(This question originates from Pinter's Book of Abstract Algebra Chapter 17 exercise F2.)
Let $G$ be an abelian group in additive notation. An $\textit{endomorphism}$ of $G$ is a homomorphism from $G$ to $G$. Let $\operatorname{End}(G)$ denote the set of all the endomorphisms of $G$, and define addition and multiplication of endomorphisms as follows: \begin{align*} [f+g](x) &= f(x) + g(x) & \text{for every }x\text{ in }G \\ fg &= f\circ g & \text{the composite of }f\text{ and }g \end{align*}
List the elements of $\operatorname{End}(\mathbb{Z}_4)$, then give the addition and multiplication tables for $\operatorname{End}(\mathbb{Z}_4)$.
My attempt:
$\quad\operatorname{End}(\mathbb{Z}_4) = \{\phi, \epsilon, \kappa, \tau\},\quad$ where
$\quad\phi = \left(\begin{matrix} 0 & 1 & 2 & 3 \\ 0 & 0 & 0 & 0 \end{matrix}\right)\quad\epsilon = \left(\begin{matrix} 0 & 1 & 2 & 3 \\ 0 & 1 & 2 & 3 \end{matrix}\right)$
$\quad\kappa = \left(\begin{matrix} 0 & 1 & 2 & 3 \\ 0 & 3 & 2 & 1 \end{matrix}\right)\quad\tau = \left(\begin{matrix} 0 & 1 & 2 & 3 \\ 0 & 2 & 0 & 2 \end{matrix}\right)$
$\quad\begin{array}{l|c c c c} + & \phi & \epsilon & \kappa & \tau \\ \hline \phi & \phi & \epsilon & \kappa & \tau \\ \epsilon & \epsilon & \tau & \phi & \kappa \\ \kappa & \kappa & \phi & \tau & \epsilon \\ \tau & \tau & \kappa & \epsilon & \phi \\ \end{array}$ $\qquad\begin{array}{l|c c c c} \circ & \phi & \epsilon & \kappa & \tau \\ \hline \phi & \phi & \phi & \phi & \phi \\ \epsilon & \phi & \epsilon & \kappa & \tau \\ \kappa & \phi & \kappa & \epsilon & \tau \\ \tau & \phi & \tau & \tau & \phi \\ \end{array}$
Does this look right?
Everything you wrote is correct, but from the wording of the question (I do not have access to the book at the moment) it is unclear to me if you also need to prove that these are all the endomorphisms or not.
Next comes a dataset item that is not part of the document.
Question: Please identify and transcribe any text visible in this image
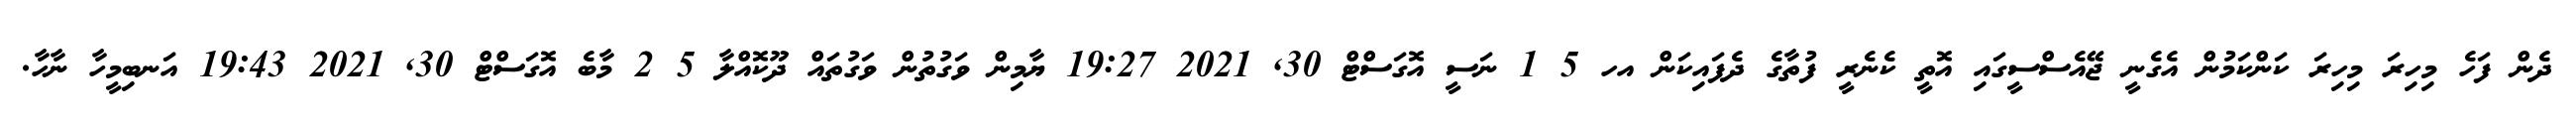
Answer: ދެން ފަހެ މިހިރަ މިހިރަ ކަންކަމުން އެގެނީ ޖޭއެސްސީގައި އޮތީ ކެނެރީ ފުތާގެ ދެފައިކަން އހ 5 1 ނަސީ އޮގަސްޓް 30, 2021 19:27 ޔާމިން ވަގުތުން ވަގުތައް ދޫކޮއްލާ 5 2 މާބެ އޮގަސްޓް 30, 2021 19:43 އަނބިމީހާ ނާހާ.
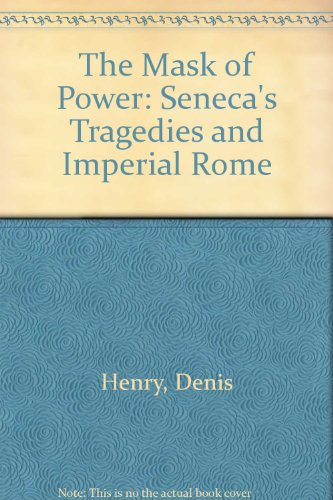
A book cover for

In case you do, you can proceed as follows:
Since $(\mathbb{Z}_4,+) = \{ 0, x, 2x, 3x \}$ is cyclic, and $\phi(x+y) = \phi(x)+\phi(y)$ then every endomorphism is completely determined by what element $\phi(x)$ is.
In particular, you have up to four choices: $0, x, 2x, 3x$. Now you have exhibited a homomorphism for each of these choices, which in particular implies they are all possible.